To simplify our model without losing rationality and simulate the process of inhibition, we use the Hill equation, and then we set up ODE as followed. We set h as the Hill coefficient and obtain its value and values of certain parameters from the 2013 UCSF Team. The expression rate of GFP under combination with the complex is as follows.
We use SimBiology to solve ODE and simulate the production of GFP. We draw change curves of GFP in two conditions: with and without expression of dcas9&sgRNA as follows (Figure 22&23).
With an expression of dcas9&sgRNA, it's obvious that the amount of GFP significantly reduces and then amounts of three substances reach equilibrium.

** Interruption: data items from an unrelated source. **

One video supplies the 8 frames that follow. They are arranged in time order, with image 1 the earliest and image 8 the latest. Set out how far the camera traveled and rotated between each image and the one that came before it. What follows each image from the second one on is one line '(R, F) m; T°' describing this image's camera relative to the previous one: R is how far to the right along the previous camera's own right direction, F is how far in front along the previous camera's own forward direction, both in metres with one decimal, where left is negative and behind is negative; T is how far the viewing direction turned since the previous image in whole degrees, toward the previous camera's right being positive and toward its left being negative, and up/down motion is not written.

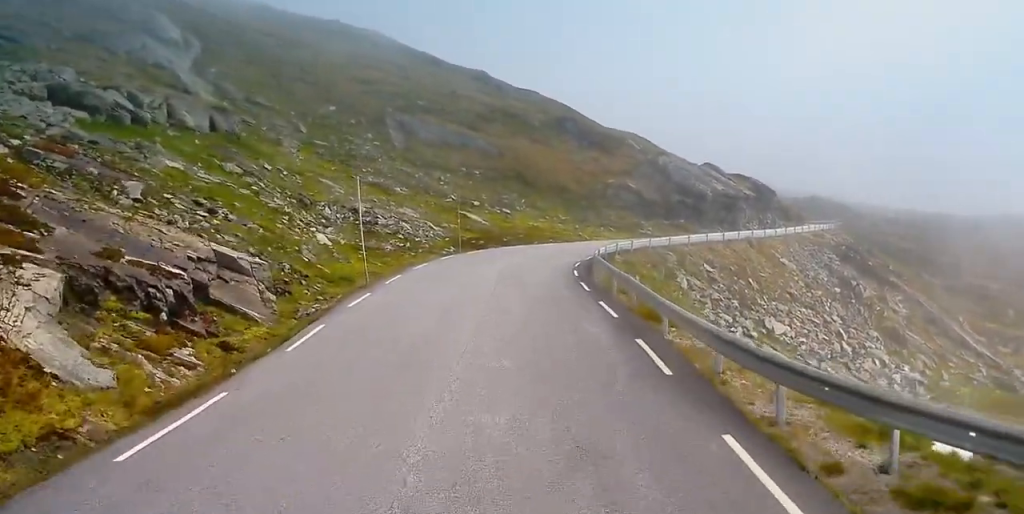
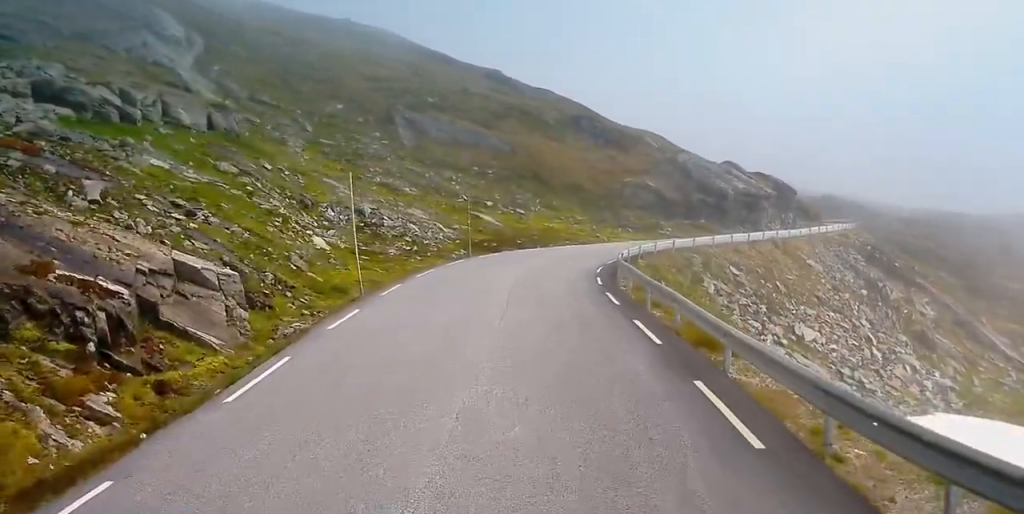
(0.0, +3.6) m; 0°
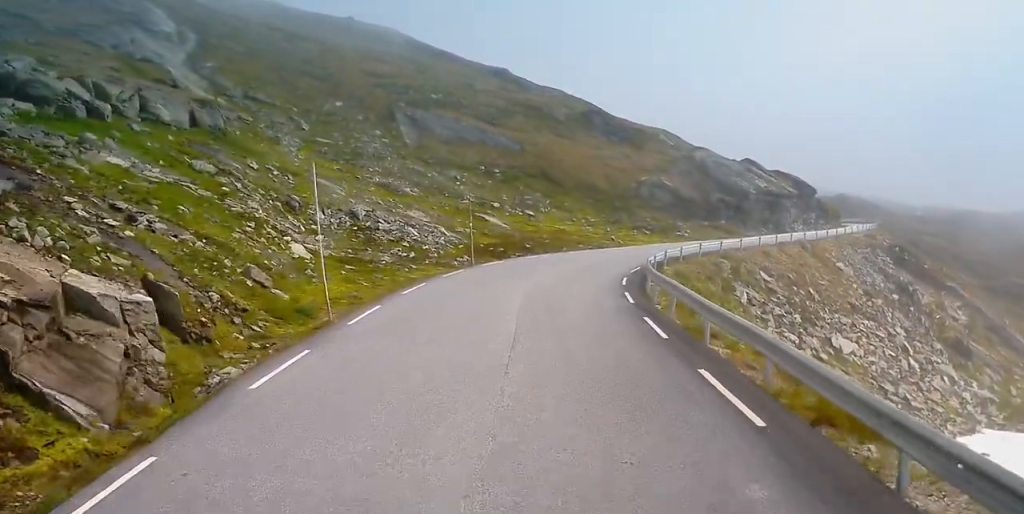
(0.0, +5.3) m; 0°
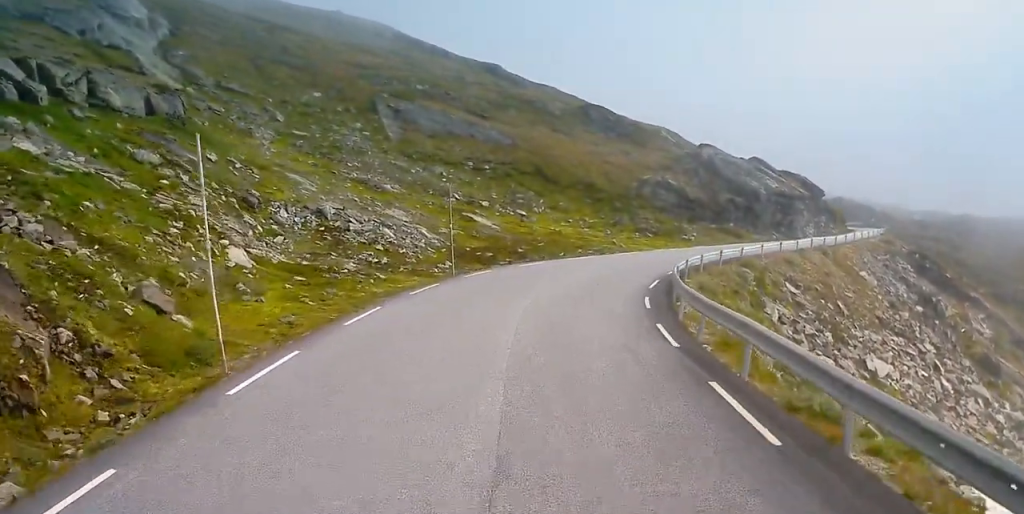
(0.0, +6.5) m; 0°
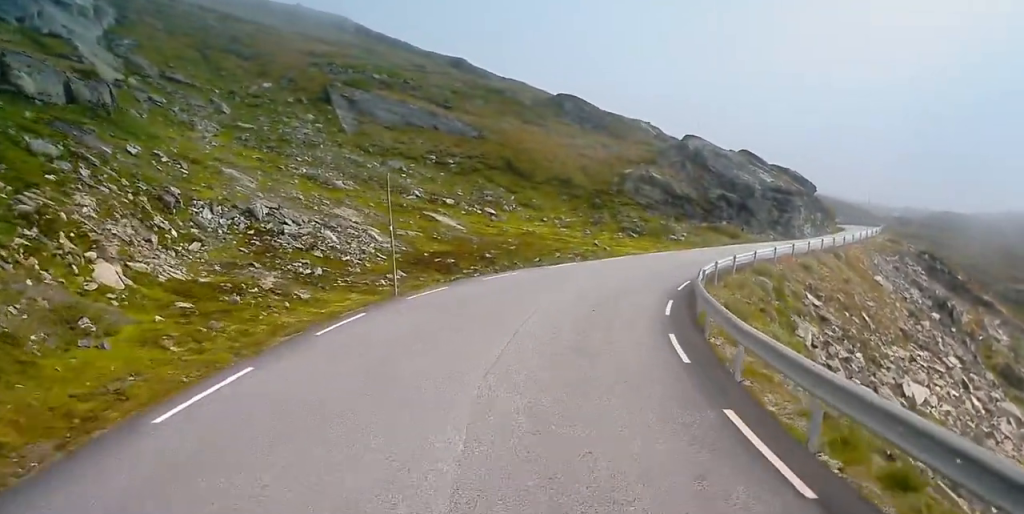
(0.0, +7.4) m; 0°
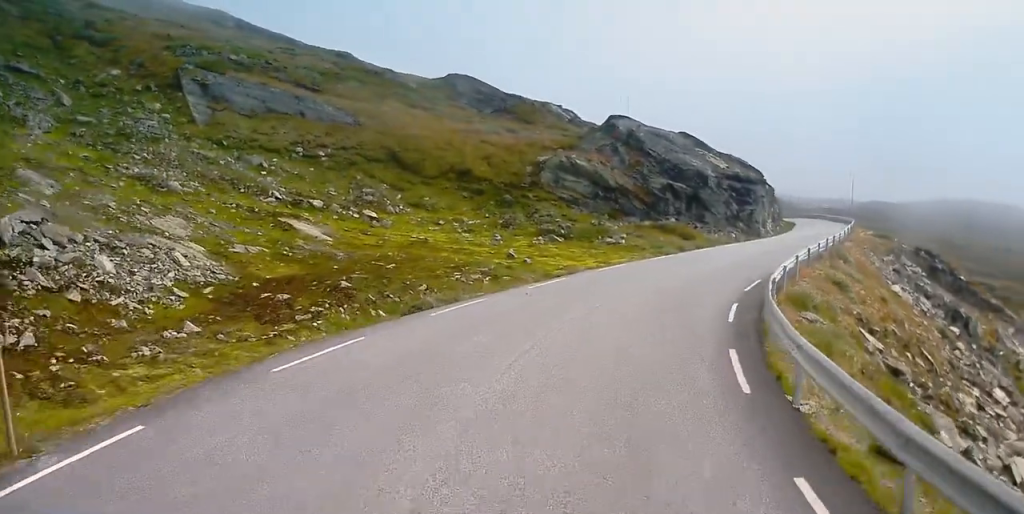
(0.0, +14.2) m; 0°
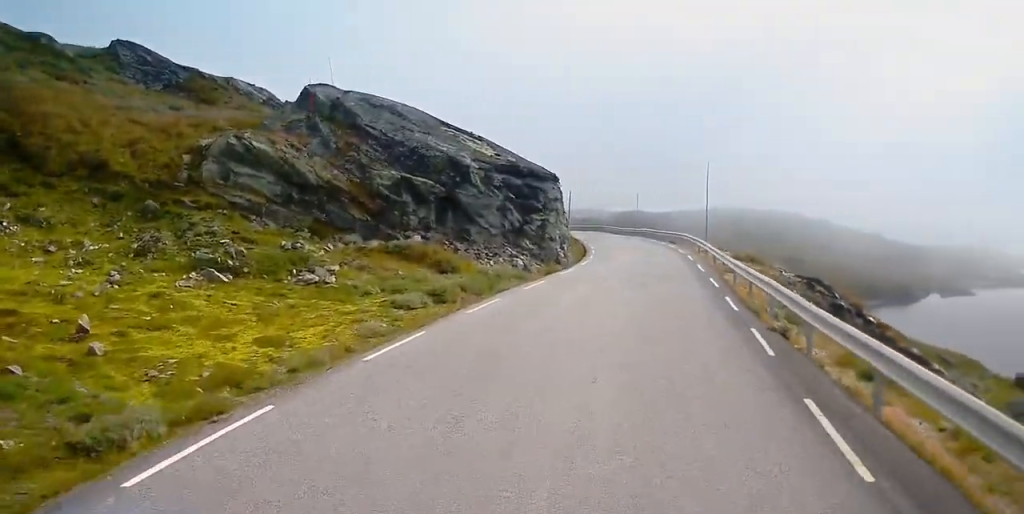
(+0.1, +20.9) m; +7°
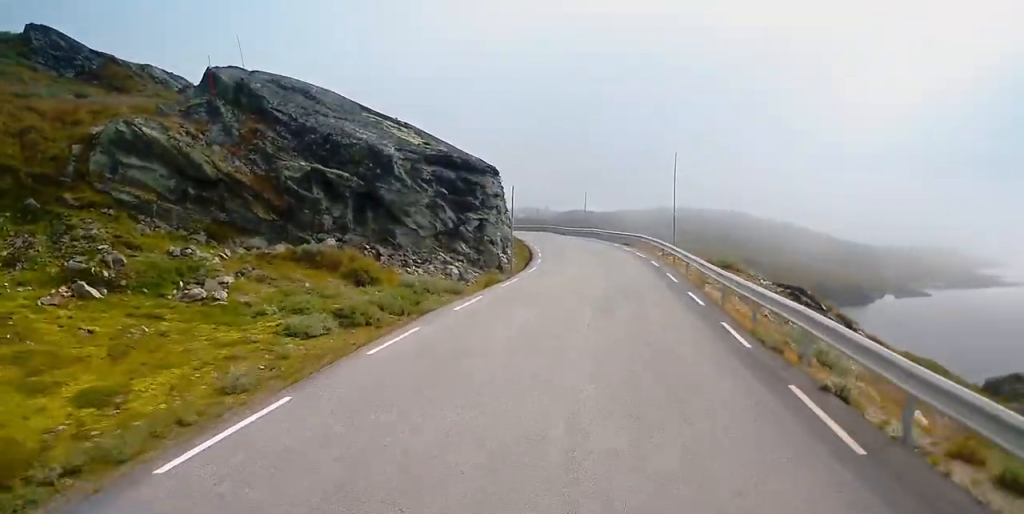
(-0.5, +5.2) m; +7°

Moreover, to confirm the generality of the inhibitory effect, the concentration of GFP's DNA is changed and we calculate the concentration of GFP under CRISPRi. As we thought, the concentration of GFP decreases despite how much DNA we enter(Figure 24). We conclude that the combination of dcas9 and sgRNA surely inhibits the expression of GFP, that is to say, CRISPRi acts as our expectation in this part and implements the function of NOT gate in our circuit.
We try to estimate the time consumed by the entire biological logic circuit to match the result with wet lab and want to propose suggestions for reducing wasted time. So we build models for two processes, which are a diffusion of molecules and Logic AND Gate. About Register & Patch section, too many effect factors make it difficult to calculate time accurately, so we need extensive research and study to explore this complex part in the future.

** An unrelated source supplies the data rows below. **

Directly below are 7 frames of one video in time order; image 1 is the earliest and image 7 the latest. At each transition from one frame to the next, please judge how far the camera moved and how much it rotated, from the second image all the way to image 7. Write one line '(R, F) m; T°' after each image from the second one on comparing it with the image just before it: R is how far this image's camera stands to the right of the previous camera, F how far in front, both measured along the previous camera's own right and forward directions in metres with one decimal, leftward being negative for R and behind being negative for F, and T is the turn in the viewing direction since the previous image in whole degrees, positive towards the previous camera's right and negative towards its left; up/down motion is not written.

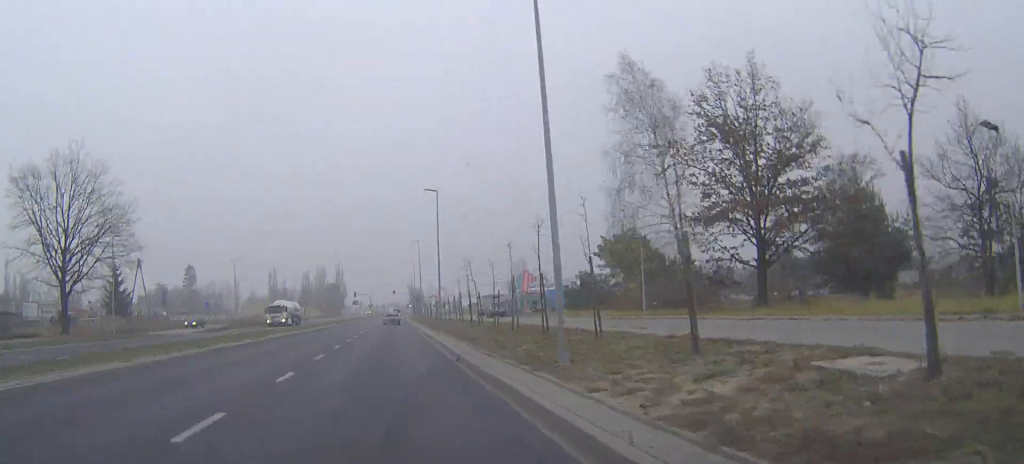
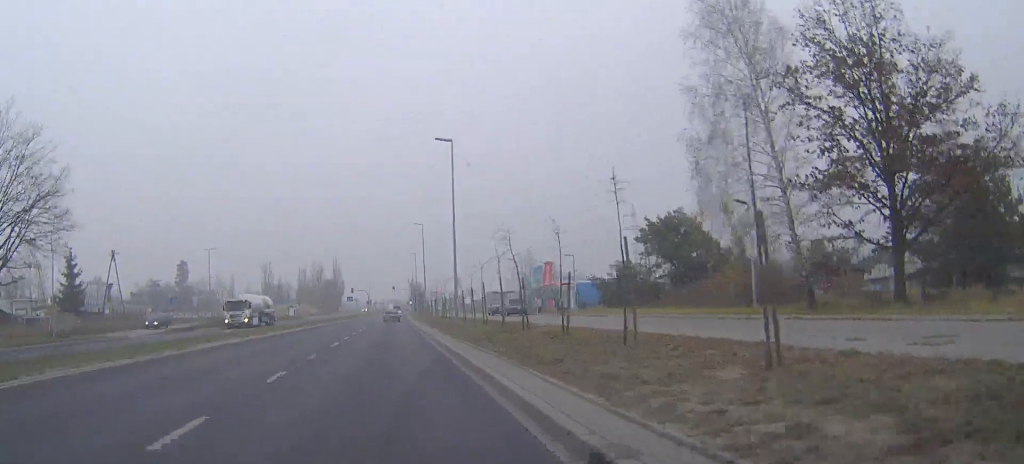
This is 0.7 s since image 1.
(0.0, +12.9) m; 0°
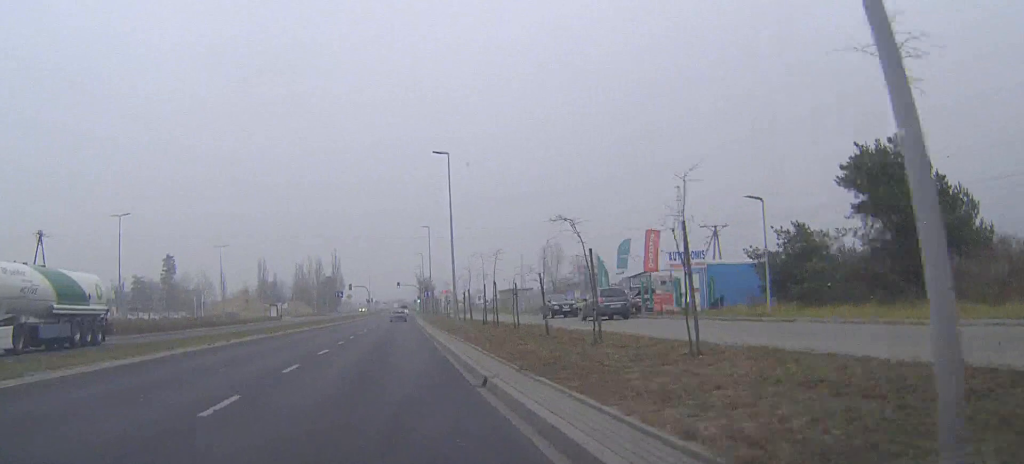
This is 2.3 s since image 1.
(-0.1, +27.8) m; 0°
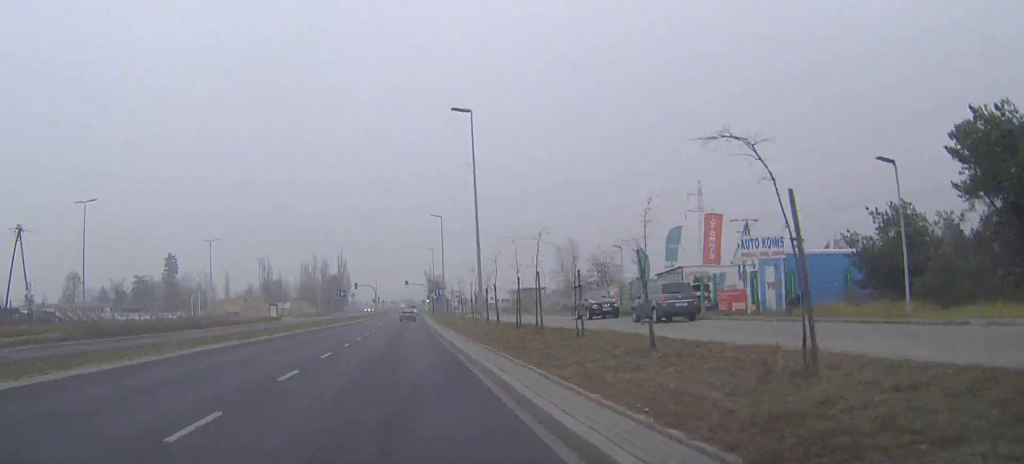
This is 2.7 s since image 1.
(0.0, +7.8) m; 0°
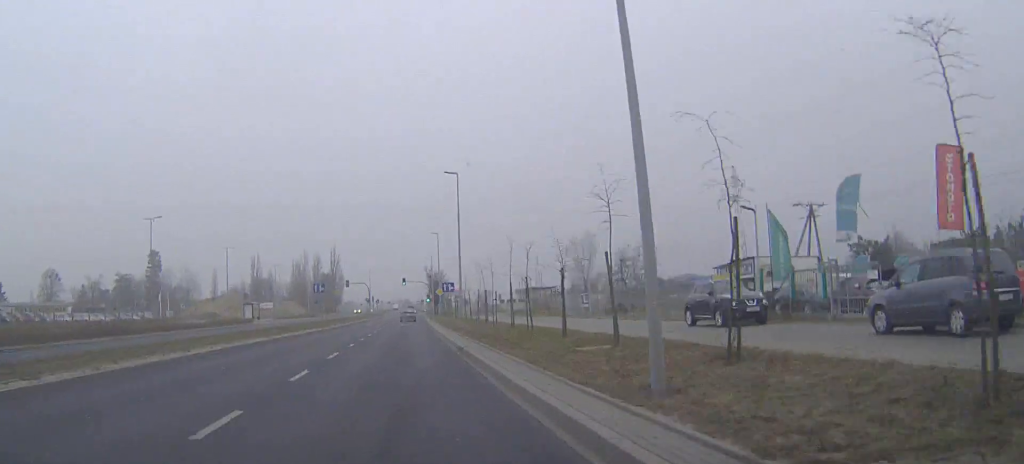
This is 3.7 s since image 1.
(-0.1, +17.6) m; 0°
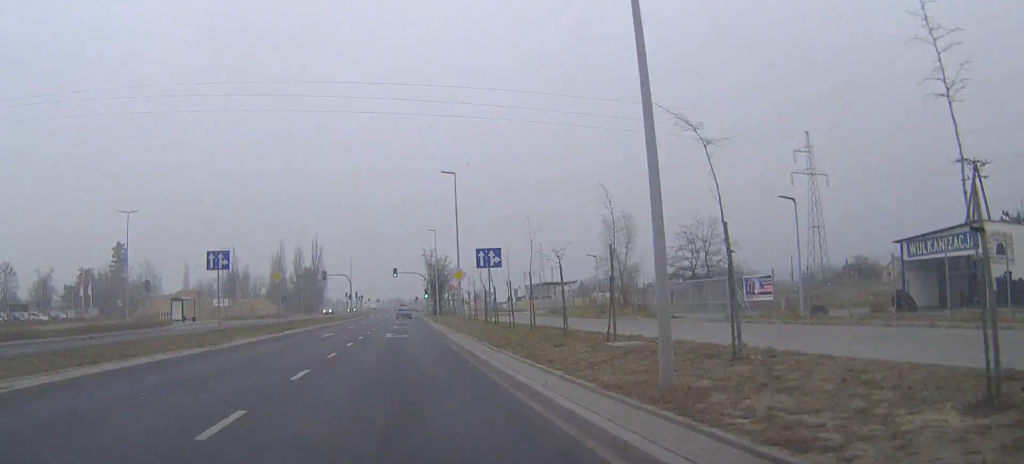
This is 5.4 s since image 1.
(+0.2, +29.7) m; +1°
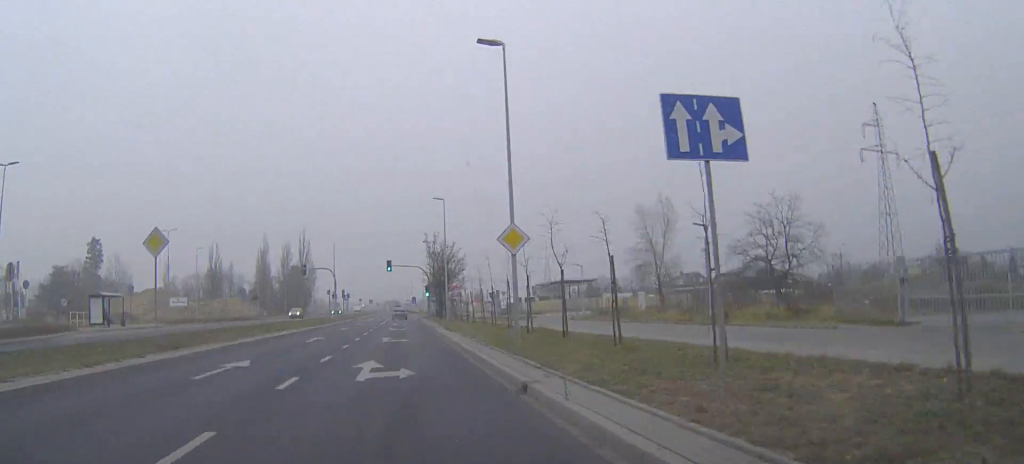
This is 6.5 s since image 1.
(0.0, +19.7) m; 0°

We simply calculate how long it would take for the inducers to penetrate the cell membrane and enter the cell. We intercept the cell membrane per unit area(1 square micron). Take a square inside and outside the cell membrane, each with a volume of one cubic micron, named cube A and cube B. Without loss of generality, we take the thickness of the cell membrane to be seven nanometers. Our estimation model is built based on the unit geometry. By calculating the diffusion time in cubes, we can roughly estimate the total time by linear superposition. By matching with wet lab, we obtain an average concentration of inducers, which is about 6E-7 mol/L. The diffusion coefficient of molecules inside and outside the cell (in cube A and cube B) is set to 1E-9, while the one in the cell membrane is set to 1E-12. Before estimation, we state some assumptions as follows.
a. The flux at the upper bound of cube A is considered to be a constant value.
b. The lower bound of cube B is considered an open border.
c. The left and right boundaries are regarded flux-free because they can be seen as canceling each other out.
d. The diffusion process is uniform and there will be no sudden increase in concentration.
e. The process of molecular diffusion is uniform and continuous
f. The process of molecules passing through the cell membrane is considered free diffusion.
COMSOL is used to simulate the diffusion process.
The process takes about 0.01s. The volume of the system is at the microliter level. As a result, we can believe that the total time of diffusion of inducers can be ignored.
The processes involved are expressions of LuxI and LuxR, formation of a complex of LuxR's protein and AHL, and expression of GFP. To simplify our estimation without loss of rationality, we follow the assumptions stated in the Logic AND Gate part in predictions of productivity. Especially, rates of the expression processes involved are regarded as linear variables in our assumptions. We enter the mathematical derivation and values of parameters in the Logic AND Gate part into SimBiology and estimate the time taken for output. The graph SimBiology predicts and draws is as follows (Figure 26).
According to the value of the dependent variable in the graph, we estimate that the process takes almost 60 seconds.
By matching with wet lab, we know that the complete experiment takes several hours. Based on our estimation of time, we speculate that Register&Patch is the most time-consuming part. We hope that by extensive research and study, we can find an approximation algorithm with error multiple controlled at a constant level to appropriately predict the time and find ways of reducing wasted time to optimize our biological circuits.